(Records from a data collection)
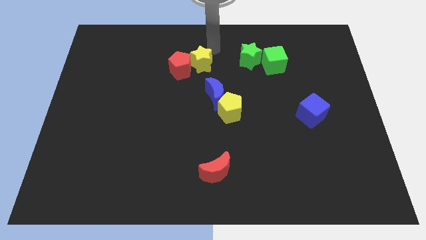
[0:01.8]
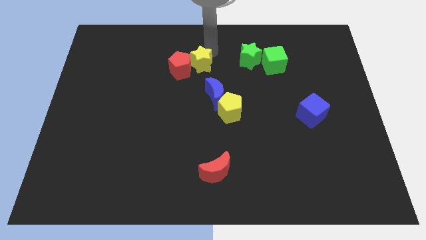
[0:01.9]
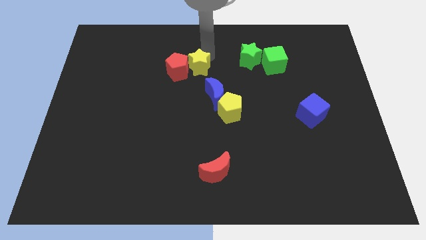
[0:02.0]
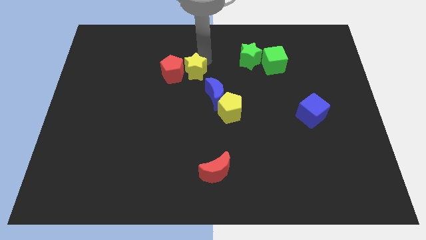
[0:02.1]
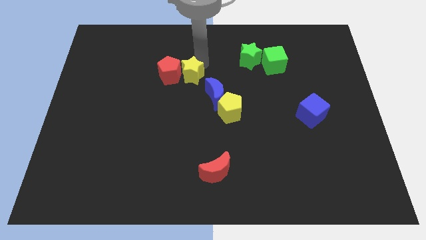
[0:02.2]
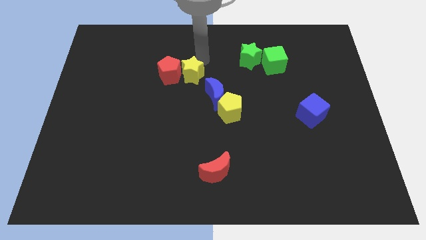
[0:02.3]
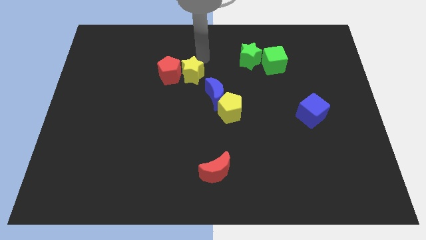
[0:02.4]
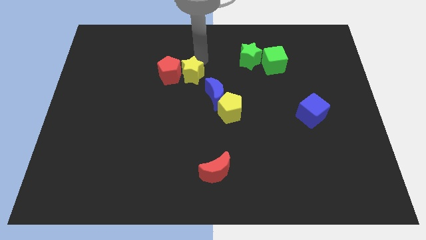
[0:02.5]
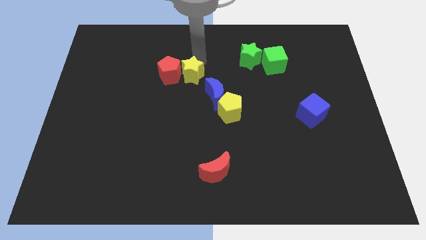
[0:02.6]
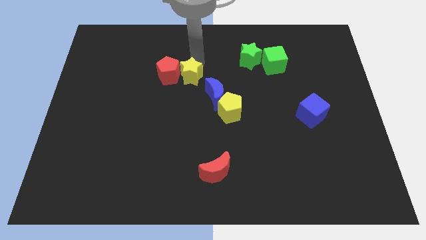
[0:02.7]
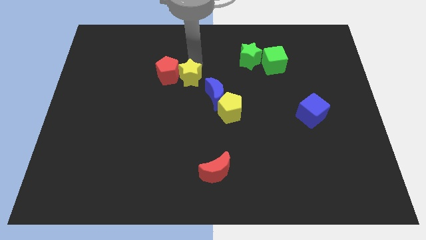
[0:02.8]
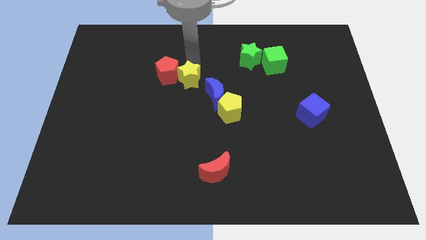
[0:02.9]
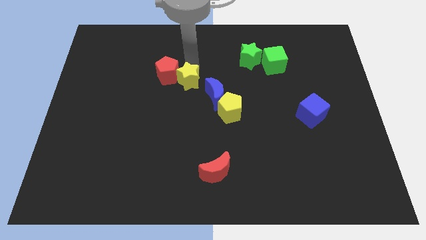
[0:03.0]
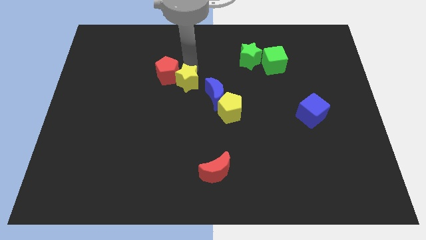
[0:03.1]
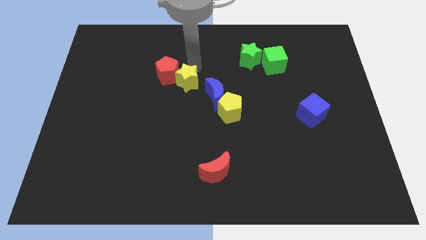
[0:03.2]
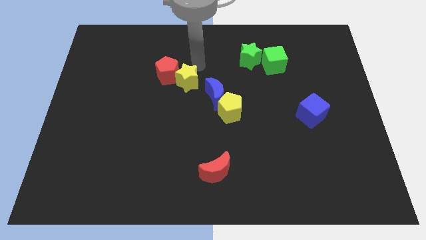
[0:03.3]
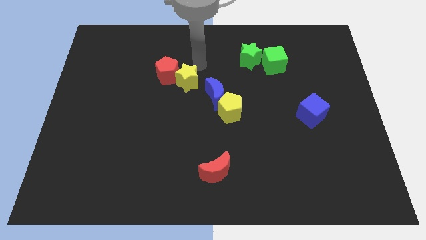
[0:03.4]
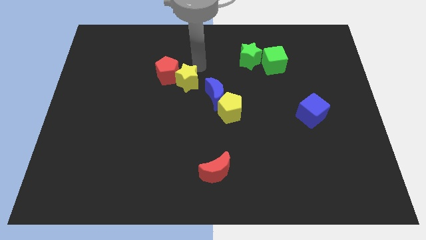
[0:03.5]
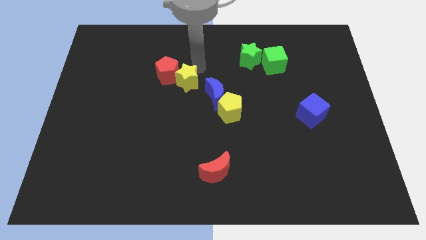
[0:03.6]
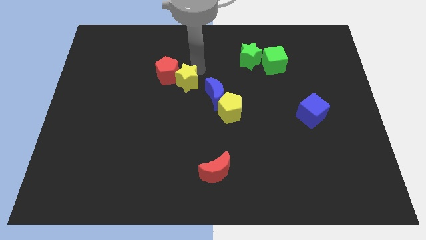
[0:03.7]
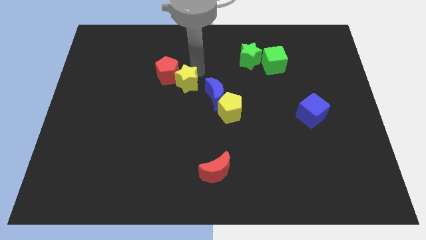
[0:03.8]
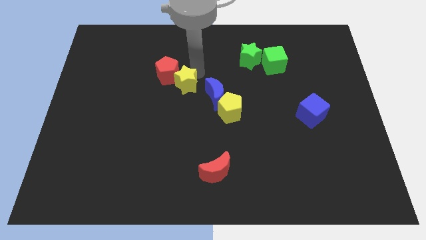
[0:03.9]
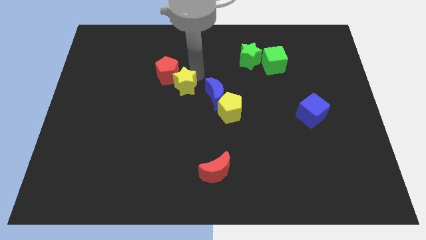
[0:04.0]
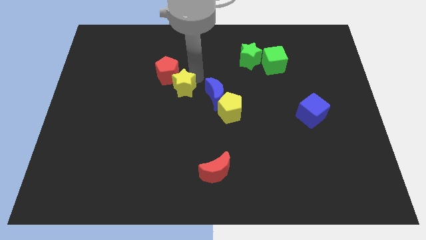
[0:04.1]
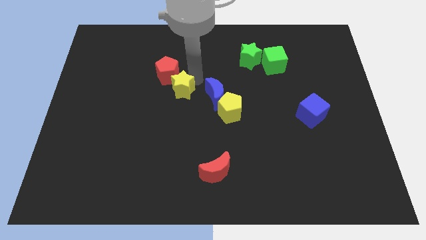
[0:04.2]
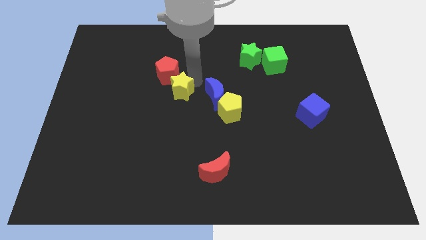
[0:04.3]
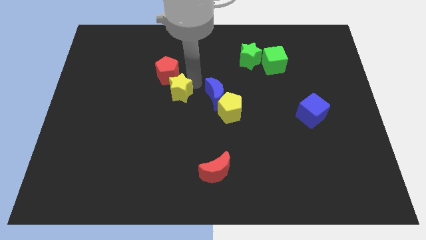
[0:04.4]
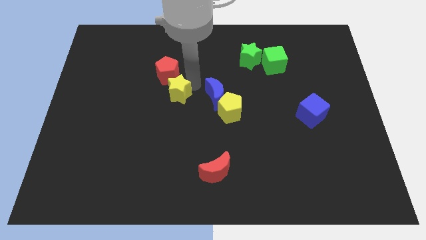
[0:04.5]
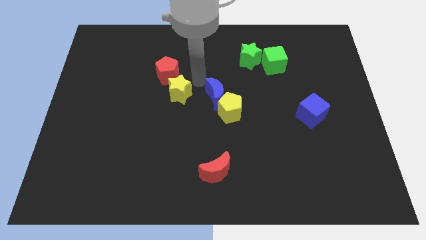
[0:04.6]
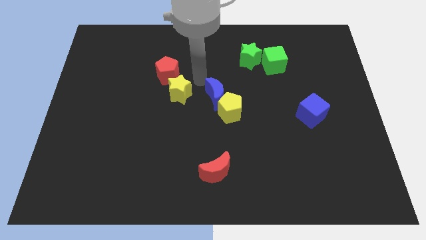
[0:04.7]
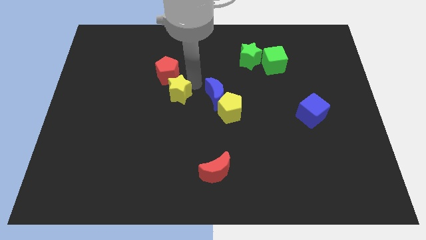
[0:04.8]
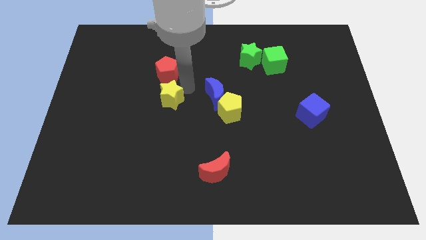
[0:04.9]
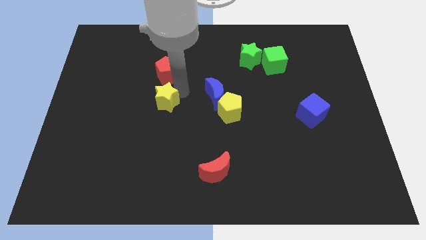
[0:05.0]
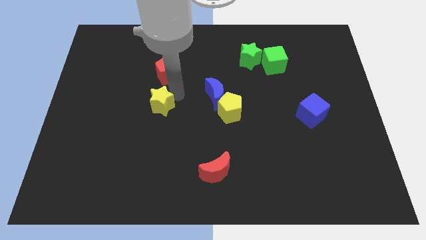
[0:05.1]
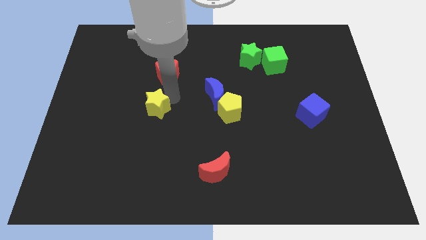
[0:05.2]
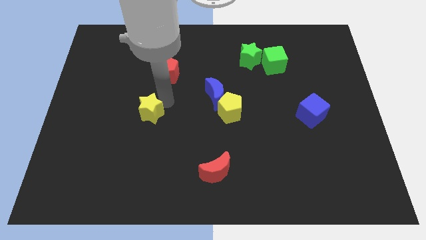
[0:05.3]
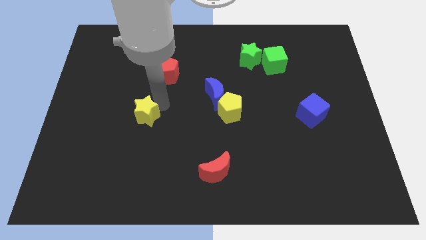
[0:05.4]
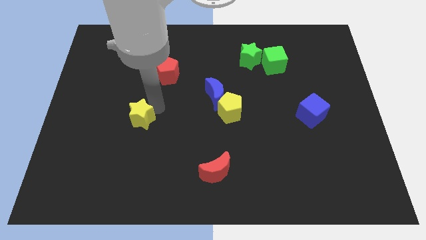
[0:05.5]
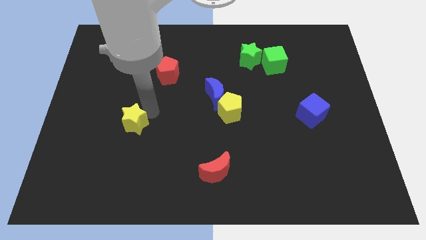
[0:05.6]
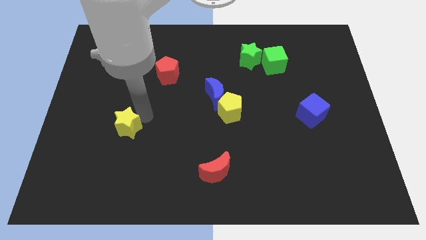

**Directions for this task**. The entries are to be transcribed word for word, without their images.

**Task response**.
[0:01.8]
[0:01.9]
[0:02.0]
[0:02.1]
[0:02.2]
[0:02.3]
[0:02.4]
[0:02.5]
[0:02.6]
[0:02.7]
[0:02.8]
[0:02.9]
[0:03.0]
[0:03.1]
[0:03.2]
[0:03.3]
[0:03.4]
[0:03.5]
[0:03.6]
[0:03.7]
[0:03.8]
[0:03.9]
[0:04.0]
[0:04.1]
[0:04.2]
[0:04.3]
[0:04.4]
[0:04.5]
[0:04.6]
[0:04.7]
[0:04.8]
[0:04.9]
[0:05.0]
[0:05.1]
[0:05.2]
[0:05.3]
[0:05.4]
[0:05.5]
[0:05.6]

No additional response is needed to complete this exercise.